*GIVEN RECORDS*:
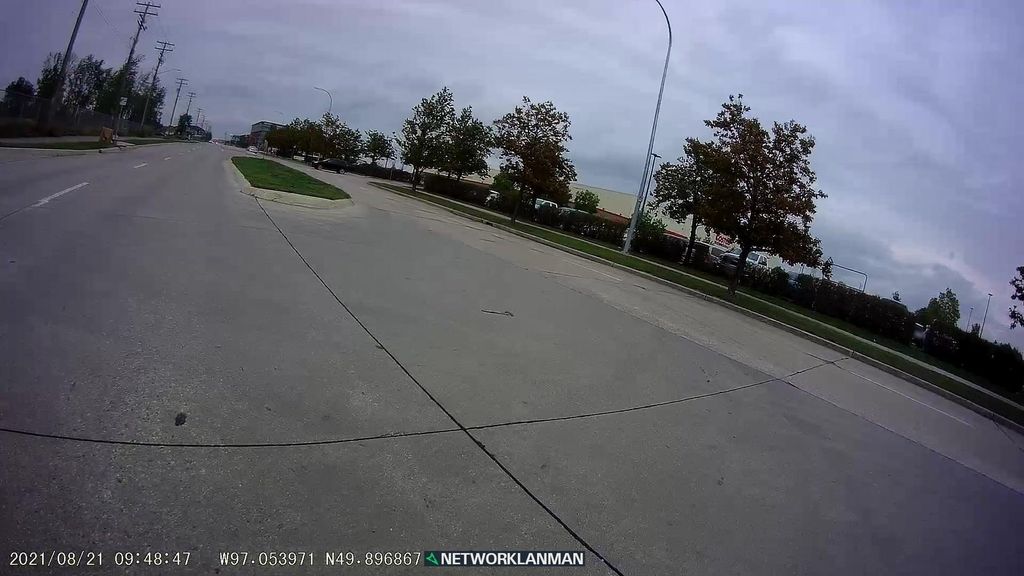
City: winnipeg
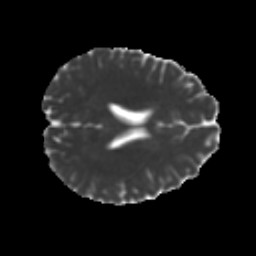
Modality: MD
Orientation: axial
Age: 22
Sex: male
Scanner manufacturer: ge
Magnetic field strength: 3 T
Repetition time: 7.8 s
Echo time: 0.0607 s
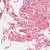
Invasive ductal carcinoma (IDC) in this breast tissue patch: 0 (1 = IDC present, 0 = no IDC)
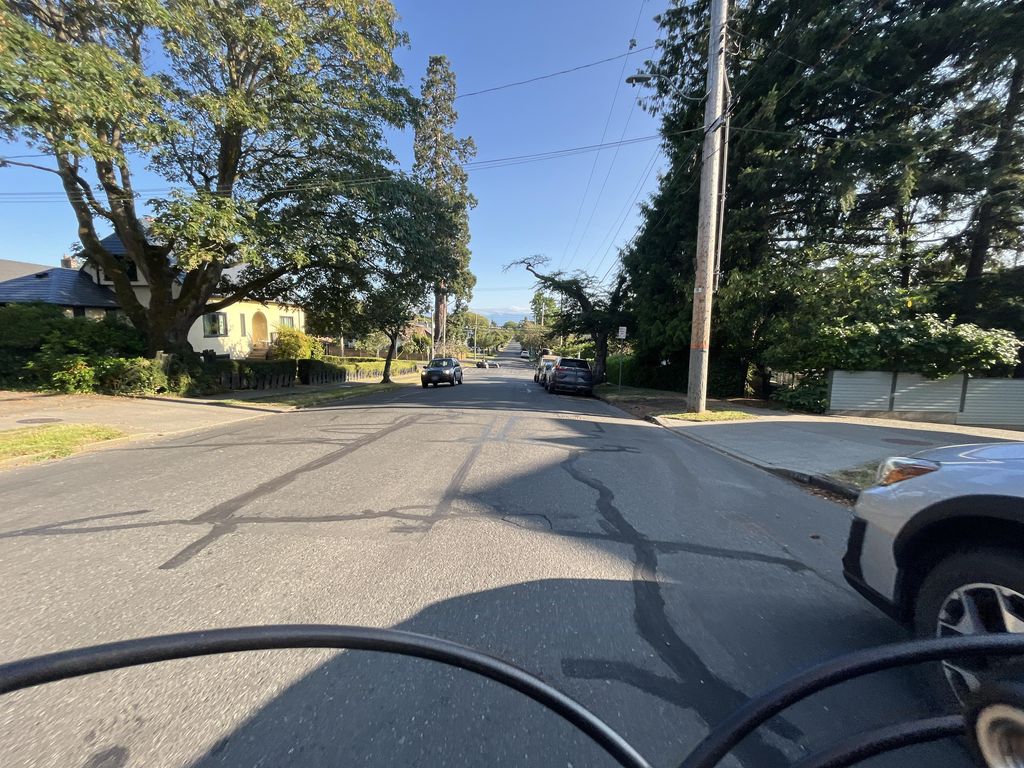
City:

*TASK GOAL*:
Without the pictures, copy the material exactly as given.

*RESULT OF THE TASK*:
City: winnipeg
Modality: MD
Orientation: axial
Age: 22
Sex: male
Scanner manufacturer: ge
Magnetic field strength: 3 T
Repetition time: 7.8 s
Echo time: 0.0607 s
Invasive ductal carcinoma (IDC) in this breast tissue patch: 0 (1 = IDC present, 0 = no IDC)
City:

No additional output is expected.